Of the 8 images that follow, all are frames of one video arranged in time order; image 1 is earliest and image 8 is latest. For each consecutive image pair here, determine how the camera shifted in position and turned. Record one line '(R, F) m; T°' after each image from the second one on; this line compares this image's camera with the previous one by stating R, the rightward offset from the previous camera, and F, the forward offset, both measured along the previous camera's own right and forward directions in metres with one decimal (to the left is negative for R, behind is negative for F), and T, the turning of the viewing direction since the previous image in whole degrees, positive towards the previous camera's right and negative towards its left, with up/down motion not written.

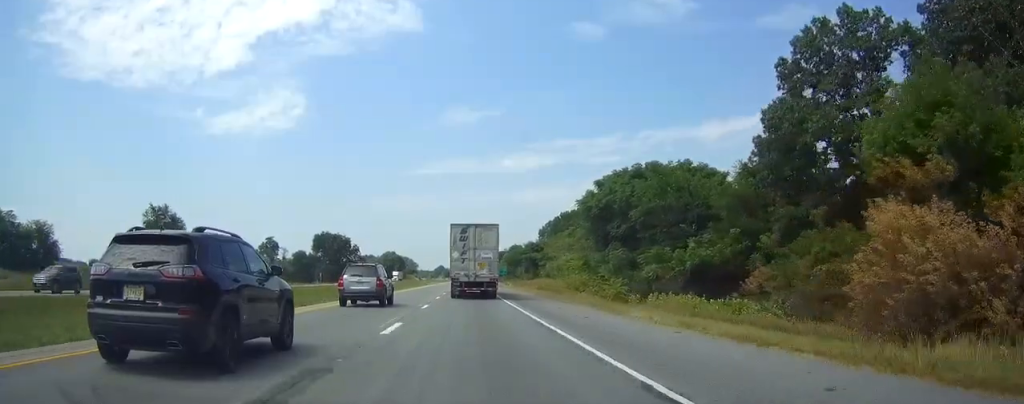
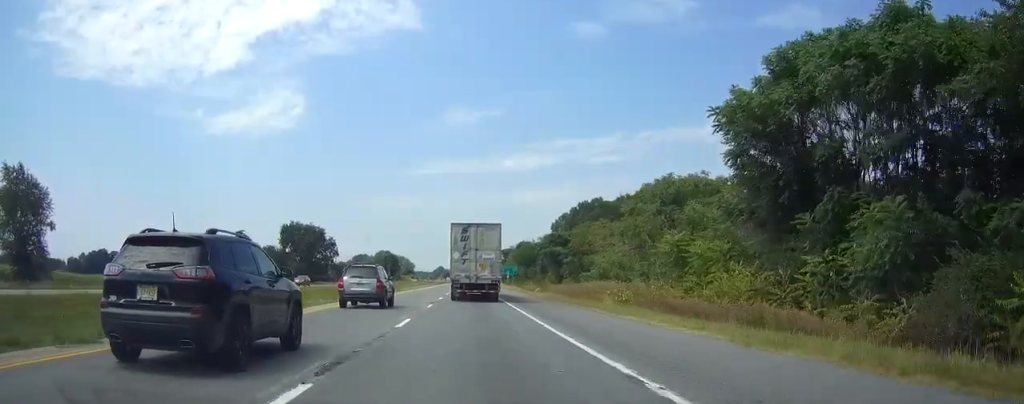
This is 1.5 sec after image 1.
(0.0, +45.6) m; 0°
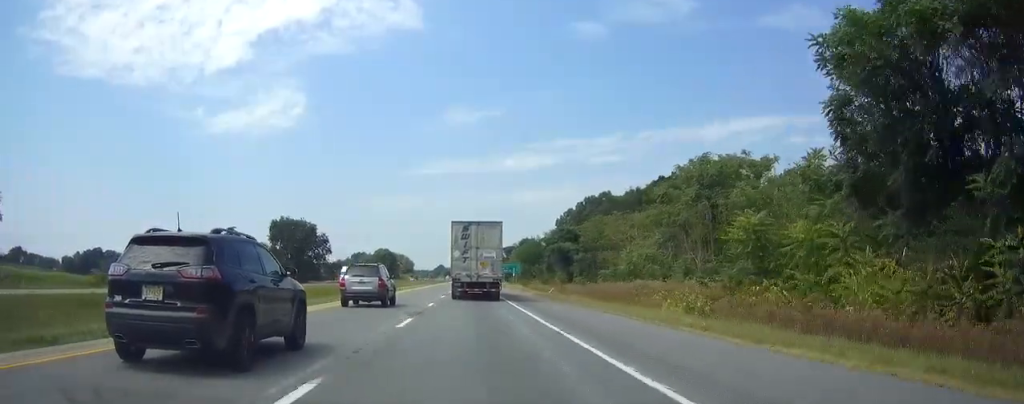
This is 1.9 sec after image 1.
(0.0, +12.1) m; 0°
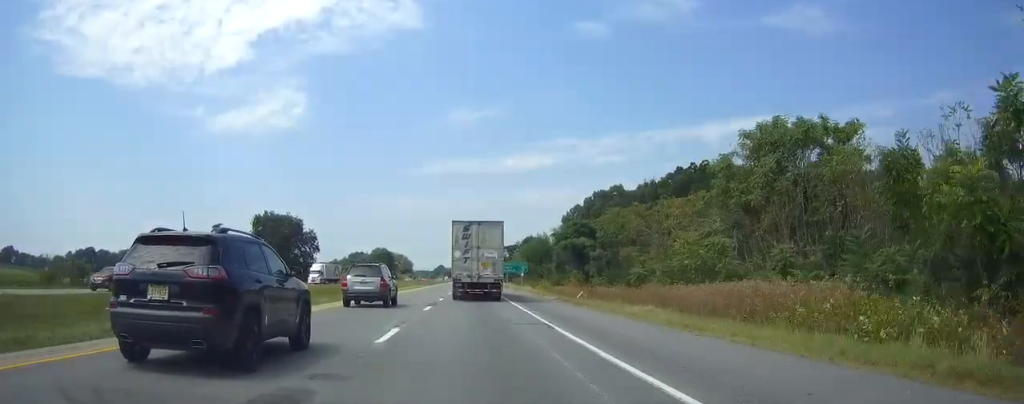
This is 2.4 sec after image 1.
(0.0, +16.2) m; 0°
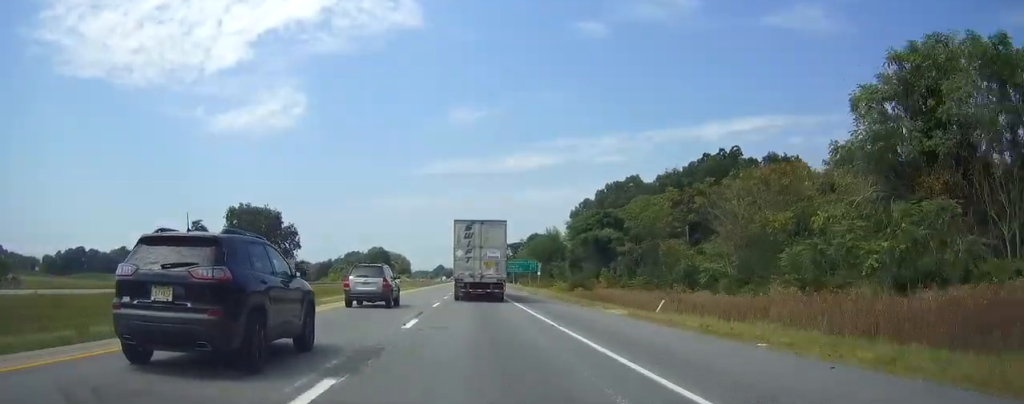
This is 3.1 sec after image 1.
(0.0, +20.3) m; 0°
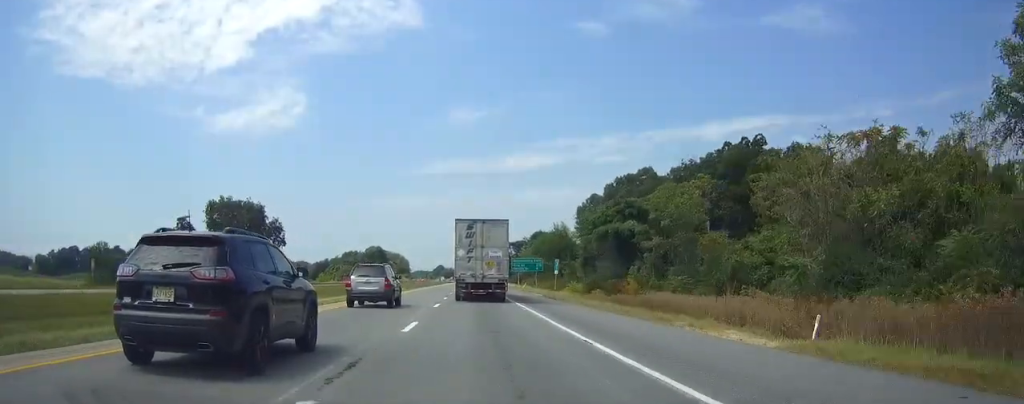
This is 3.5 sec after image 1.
(0.0, +13.2) m; 0°
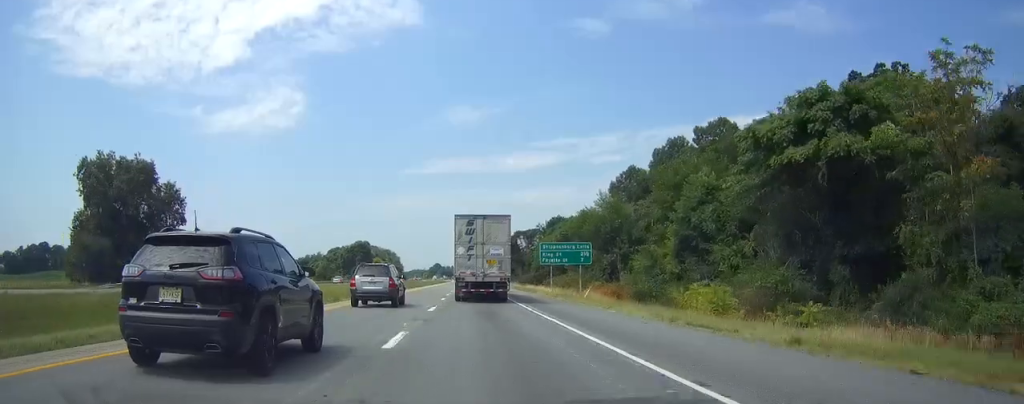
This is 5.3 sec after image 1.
(-0.1, +52.6) m; 0°
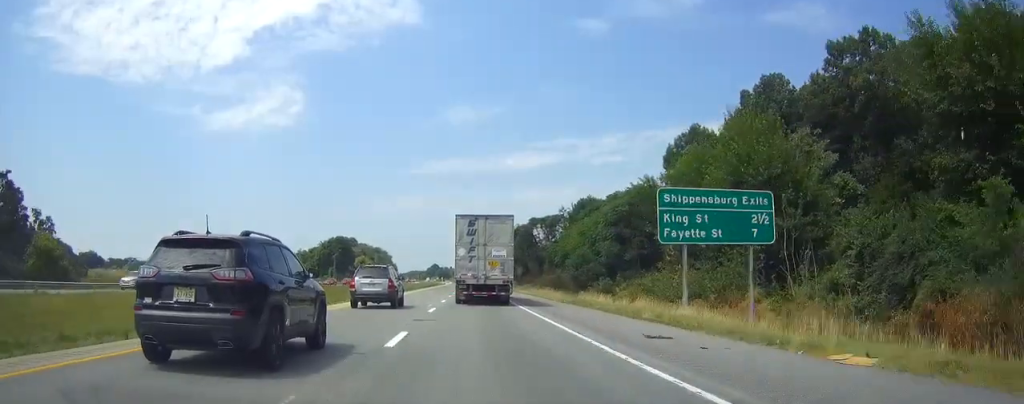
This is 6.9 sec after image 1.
(0.0, +48.4) m; 0°

━━━━━━━━

= Exercise =
Copy nothing but the lines above from the one with "This is 3.1 sec after image 1." through the end of the material, word for word, and drop the pictures.

= Output below =
This is 3.1 sec after image 1.
(0.0, +20.3) m; 0°
This is 3.5 sec after image 1.
(0.0, +13.2) m; 0°
This is 5.3 sec after image 1.
(-0.1, +52.6) m; 0°
This is 6.9 sec after image 1.
(0.0, +48.4) m; 0°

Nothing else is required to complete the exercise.